For he himself has said it
And it’s greatly to his credit
That he is an Englishman!
Gilbert even asserts ironically that there is an element of choice in the matter:
In spite of all temptations
To belong to other nations
He remains an Englishman!
Nor have the English been conspicuously pleased with their nation and themselves, except perhaps under the first Elizabeth and in the high Victorian age. More often the dominant tone of English discourse is one of regret, of nostalgia rather than self-congratulation. In Albion, his vast sprawling enquiry into the origins of the English imagination, Peter Ackroyd identifies Bede as the first English writer, typically brooding on ruins and relics of the past and already, in the early eighth century, exuding that melancholy characteristic of these rainswept islanders. If there is a theme common to English writers from Bede to Betjeman, it is this regret for the past. The best has already come and gone and will not come again. Shortly after the Norman Conquest, a scribe charmingly known as the Tremulous Hand of Worcester sighs over the demise of Old English: nobody teaches the language properly any more, the people are lost and wrecked.

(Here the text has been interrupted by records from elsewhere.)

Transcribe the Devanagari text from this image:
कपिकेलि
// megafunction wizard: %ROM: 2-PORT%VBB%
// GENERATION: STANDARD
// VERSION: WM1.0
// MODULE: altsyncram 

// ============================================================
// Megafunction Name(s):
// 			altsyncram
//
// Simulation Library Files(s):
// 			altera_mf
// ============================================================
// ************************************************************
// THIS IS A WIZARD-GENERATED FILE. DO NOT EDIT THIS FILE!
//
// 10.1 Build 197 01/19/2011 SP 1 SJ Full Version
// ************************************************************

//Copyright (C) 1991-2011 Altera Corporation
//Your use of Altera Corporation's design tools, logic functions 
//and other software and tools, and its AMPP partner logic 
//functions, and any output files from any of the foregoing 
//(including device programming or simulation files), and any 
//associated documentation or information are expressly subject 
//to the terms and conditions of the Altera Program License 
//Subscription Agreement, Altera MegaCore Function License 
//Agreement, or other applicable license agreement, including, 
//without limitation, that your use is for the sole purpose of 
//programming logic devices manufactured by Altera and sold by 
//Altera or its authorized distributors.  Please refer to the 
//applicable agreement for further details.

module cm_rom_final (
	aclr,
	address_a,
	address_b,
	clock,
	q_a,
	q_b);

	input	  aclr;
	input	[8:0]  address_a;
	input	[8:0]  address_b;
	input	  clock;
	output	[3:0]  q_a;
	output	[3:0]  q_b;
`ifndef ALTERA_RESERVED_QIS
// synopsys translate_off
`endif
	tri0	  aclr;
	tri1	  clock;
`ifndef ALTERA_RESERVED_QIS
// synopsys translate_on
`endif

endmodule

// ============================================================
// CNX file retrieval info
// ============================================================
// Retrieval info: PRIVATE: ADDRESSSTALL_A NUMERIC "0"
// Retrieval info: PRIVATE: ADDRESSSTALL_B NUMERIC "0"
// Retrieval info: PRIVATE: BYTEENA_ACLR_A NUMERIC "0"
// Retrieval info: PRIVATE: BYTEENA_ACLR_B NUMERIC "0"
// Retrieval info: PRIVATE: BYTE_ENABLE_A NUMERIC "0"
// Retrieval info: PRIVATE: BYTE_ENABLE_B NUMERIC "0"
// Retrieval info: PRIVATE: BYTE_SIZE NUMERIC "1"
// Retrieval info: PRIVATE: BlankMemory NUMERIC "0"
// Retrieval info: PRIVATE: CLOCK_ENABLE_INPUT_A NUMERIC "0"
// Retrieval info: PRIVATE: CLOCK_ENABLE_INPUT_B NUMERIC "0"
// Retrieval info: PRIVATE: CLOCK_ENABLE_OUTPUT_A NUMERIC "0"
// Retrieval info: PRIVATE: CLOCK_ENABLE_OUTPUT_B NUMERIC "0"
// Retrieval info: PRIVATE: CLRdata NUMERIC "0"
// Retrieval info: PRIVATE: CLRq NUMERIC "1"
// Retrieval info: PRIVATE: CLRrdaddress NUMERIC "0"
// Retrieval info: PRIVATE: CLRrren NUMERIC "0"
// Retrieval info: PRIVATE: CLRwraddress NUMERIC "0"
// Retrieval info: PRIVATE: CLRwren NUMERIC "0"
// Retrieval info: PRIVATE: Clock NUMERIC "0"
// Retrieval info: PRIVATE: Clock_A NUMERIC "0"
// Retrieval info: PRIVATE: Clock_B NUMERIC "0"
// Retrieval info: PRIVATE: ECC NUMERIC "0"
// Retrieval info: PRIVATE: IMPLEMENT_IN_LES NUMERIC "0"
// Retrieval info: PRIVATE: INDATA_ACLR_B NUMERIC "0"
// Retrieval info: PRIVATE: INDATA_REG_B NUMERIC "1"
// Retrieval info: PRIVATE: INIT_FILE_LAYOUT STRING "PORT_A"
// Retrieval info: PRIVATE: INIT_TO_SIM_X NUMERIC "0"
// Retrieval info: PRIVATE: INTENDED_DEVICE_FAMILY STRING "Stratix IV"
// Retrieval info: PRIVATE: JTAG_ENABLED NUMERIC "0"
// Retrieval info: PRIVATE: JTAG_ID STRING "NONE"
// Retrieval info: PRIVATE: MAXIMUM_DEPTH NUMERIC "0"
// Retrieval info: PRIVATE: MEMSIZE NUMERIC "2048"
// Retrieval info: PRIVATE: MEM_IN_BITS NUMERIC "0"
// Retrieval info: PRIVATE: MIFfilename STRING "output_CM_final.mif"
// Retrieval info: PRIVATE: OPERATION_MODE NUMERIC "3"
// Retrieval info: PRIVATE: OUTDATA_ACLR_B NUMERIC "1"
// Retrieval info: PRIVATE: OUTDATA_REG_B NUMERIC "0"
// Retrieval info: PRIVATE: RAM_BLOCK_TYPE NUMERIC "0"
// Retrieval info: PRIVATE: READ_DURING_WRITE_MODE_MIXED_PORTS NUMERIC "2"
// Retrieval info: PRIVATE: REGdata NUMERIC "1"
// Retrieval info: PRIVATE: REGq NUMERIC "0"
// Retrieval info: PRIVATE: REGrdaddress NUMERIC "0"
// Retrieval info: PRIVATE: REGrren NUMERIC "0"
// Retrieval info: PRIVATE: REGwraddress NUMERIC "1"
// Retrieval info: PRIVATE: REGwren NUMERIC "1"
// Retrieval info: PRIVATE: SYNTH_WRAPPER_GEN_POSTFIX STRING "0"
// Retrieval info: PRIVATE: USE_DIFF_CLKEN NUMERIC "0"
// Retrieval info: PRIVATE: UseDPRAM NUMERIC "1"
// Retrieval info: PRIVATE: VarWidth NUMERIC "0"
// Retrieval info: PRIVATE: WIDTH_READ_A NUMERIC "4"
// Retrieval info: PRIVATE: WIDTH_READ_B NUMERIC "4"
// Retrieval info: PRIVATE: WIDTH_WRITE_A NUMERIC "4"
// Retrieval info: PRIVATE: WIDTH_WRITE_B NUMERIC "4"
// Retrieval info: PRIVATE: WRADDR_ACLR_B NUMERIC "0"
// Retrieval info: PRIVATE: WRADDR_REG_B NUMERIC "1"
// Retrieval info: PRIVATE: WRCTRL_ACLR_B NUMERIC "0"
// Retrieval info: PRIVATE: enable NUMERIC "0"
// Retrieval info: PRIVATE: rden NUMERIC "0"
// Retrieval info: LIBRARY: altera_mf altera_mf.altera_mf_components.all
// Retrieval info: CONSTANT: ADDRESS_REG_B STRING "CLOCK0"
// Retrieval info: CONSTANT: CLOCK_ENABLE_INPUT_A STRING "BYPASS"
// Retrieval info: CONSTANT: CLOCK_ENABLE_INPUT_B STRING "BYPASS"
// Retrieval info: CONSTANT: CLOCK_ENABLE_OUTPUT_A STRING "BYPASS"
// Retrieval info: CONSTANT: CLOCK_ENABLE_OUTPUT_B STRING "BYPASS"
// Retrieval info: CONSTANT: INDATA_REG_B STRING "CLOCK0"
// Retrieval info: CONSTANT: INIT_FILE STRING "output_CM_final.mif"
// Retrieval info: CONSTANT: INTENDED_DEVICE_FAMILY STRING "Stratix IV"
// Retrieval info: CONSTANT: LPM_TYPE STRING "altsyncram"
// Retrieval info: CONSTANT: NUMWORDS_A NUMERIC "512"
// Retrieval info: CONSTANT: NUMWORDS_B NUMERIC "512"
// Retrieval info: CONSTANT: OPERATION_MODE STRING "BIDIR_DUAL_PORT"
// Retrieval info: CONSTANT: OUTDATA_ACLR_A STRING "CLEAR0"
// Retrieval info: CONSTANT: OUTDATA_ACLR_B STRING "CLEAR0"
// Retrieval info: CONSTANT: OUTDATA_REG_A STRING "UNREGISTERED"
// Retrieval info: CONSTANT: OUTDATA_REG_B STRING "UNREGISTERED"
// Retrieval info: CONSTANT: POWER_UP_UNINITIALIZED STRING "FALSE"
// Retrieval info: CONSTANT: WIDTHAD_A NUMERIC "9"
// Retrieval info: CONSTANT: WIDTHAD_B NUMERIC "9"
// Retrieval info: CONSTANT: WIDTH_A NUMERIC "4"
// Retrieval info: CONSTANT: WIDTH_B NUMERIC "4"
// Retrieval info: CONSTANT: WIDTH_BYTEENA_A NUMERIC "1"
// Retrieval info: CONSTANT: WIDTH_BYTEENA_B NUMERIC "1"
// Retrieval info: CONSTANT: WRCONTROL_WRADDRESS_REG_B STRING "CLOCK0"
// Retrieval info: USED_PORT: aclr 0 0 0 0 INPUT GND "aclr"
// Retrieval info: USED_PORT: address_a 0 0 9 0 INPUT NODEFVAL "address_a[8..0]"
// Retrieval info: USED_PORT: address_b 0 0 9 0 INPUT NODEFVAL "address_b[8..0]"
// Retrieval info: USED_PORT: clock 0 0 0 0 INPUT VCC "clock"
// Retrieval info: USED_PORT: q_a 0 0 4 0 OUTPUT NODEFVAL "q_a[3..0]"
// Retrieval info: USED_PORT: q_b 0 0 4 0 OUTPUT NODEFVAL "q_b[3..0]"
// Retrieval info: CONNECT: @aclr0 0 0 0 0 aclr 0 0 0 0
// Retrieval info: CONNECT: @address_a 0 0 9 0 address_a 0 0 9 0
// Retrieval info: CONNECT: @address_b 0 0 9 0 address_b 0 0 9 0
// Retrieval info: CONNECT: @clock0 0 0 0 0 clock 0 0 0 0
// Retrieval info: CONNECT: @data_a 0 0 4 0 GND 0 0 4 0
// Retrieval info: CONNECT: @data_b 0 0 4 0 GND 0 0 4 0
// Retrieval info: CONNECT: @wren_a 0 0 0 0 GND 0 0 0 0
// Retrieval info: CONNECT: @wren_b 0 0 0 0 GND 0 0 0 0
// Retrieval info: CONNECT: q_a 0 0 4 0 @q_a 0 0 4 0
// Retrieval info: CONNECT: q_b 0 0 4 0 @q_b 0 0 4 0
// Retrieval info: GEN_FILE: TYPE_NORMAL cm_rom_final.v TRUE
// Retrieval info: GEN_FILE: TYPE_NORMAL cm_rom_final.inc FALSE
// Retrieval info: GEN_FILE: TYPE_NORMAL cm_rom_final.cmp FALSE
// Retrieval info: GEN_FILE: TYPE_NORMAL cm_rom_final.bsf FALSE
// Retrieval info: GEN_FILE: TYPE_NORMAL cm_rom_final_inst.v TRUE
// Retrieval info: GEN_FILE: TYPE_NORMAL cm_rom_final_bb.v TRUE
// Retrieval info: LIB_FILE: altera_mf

Only a gross imperialist like Cecil Rhodes would think of claiming that ‘to be an Englishman was to draw first prize in the lottery of life’. In any case, it was always possible to buy a lottery ticket. In fact, from Disraeli onwards, paeans to Englishness have so often come from historians and political writers who are not English by descent. The philosopher Sir Isaiah Berlin, who was born in Riga and as a child witnessed the Bolshevik Revolution from his parents’ apartment in St Petersburg, writes of the historian Sir Lewis Namier, born Ludwik Bernsztajn in Poland to a Jewish land agent who had converted to Catholicism:
He was not disappointed in England. It took, as he had supposed, a humane, civilised and, above all, sober, undramatised, empirical view of life. Englishmen seemed to him to take account, more than most men, of the real ends of human life – pleasure, justice, power, freedom, glory, the sense of human solidarity which underlay both patriotism and adherence to tradition; above all they loathed abstract principles and general theories.
From almost everything that Berlin wrote and said, it is clear that these are Berlin’s own sentiments too. It was, I think, his experience of England that helped to shape his crucial insight, that political theories and principles do not by nature fit neatly with one another and that wisdom consists in learning to live with the conflicts between them.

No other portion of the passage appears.